(Material for the task)

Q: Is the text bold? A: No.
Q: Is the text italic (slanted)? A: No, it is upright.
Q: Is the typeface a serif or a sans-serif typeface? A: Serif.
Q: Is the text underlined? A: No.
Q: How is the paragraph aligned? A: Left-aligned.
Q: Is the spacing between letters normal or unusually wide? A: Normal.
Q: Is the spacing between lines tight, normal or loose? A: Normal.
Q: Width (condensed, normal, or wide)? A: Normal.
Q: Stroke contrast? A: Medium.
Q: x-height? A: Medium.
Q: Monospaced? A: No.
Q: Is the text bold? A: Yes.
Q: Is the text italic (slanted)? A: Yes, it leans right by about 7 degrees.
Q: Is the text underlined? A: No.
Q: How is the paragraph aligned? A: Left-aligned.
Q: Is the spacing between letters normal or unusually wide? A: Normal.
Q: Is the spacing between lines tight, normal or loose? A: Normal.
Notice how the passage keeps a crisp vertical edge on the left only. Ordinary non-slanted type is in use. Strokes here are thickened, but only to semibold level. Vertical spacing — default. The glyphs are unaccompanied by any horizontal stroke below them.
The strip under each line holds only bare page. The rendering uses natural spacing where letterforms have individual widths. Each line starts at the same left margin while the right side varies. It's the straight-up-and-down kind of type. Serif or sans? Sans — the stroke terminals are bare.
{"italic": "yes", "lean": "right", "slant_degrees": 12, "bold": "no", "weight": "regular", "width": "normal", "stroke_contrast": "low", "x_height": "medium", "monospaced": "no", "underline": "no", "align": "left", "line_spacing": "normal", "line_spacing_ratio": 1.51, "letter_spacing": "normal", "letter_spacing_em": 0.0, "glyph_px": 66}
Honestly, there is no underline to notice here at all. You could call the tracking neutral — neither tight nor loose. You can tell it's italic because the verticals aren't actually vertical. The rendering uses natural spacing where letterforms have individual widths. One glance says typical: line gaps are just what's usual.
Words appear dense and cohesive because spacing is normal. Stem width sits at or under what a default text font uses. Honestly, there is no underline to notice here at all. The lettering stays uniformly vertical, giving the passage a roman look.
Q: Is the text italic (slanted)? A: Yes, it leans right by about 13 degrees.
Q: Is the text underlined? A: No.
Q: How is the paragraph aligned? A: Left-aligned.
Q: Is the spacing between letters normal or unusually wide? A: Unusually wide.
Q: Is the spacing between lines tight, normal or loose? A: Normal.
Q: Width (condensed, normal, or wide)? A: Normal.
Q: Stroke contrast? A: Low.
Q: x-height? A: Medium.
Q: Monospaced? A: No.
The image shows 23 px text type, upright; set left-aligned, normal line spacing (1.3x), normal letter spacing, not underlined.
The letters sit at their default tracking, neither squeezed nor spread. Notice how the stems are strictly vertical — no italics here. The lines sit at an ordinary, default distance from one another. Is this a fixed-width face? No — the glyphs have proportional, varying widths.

(End Material for the task)

**Problem to solve**:
Report how many lines in the data include the string "individual", giving nothing but that number.

**Solved problem**:
2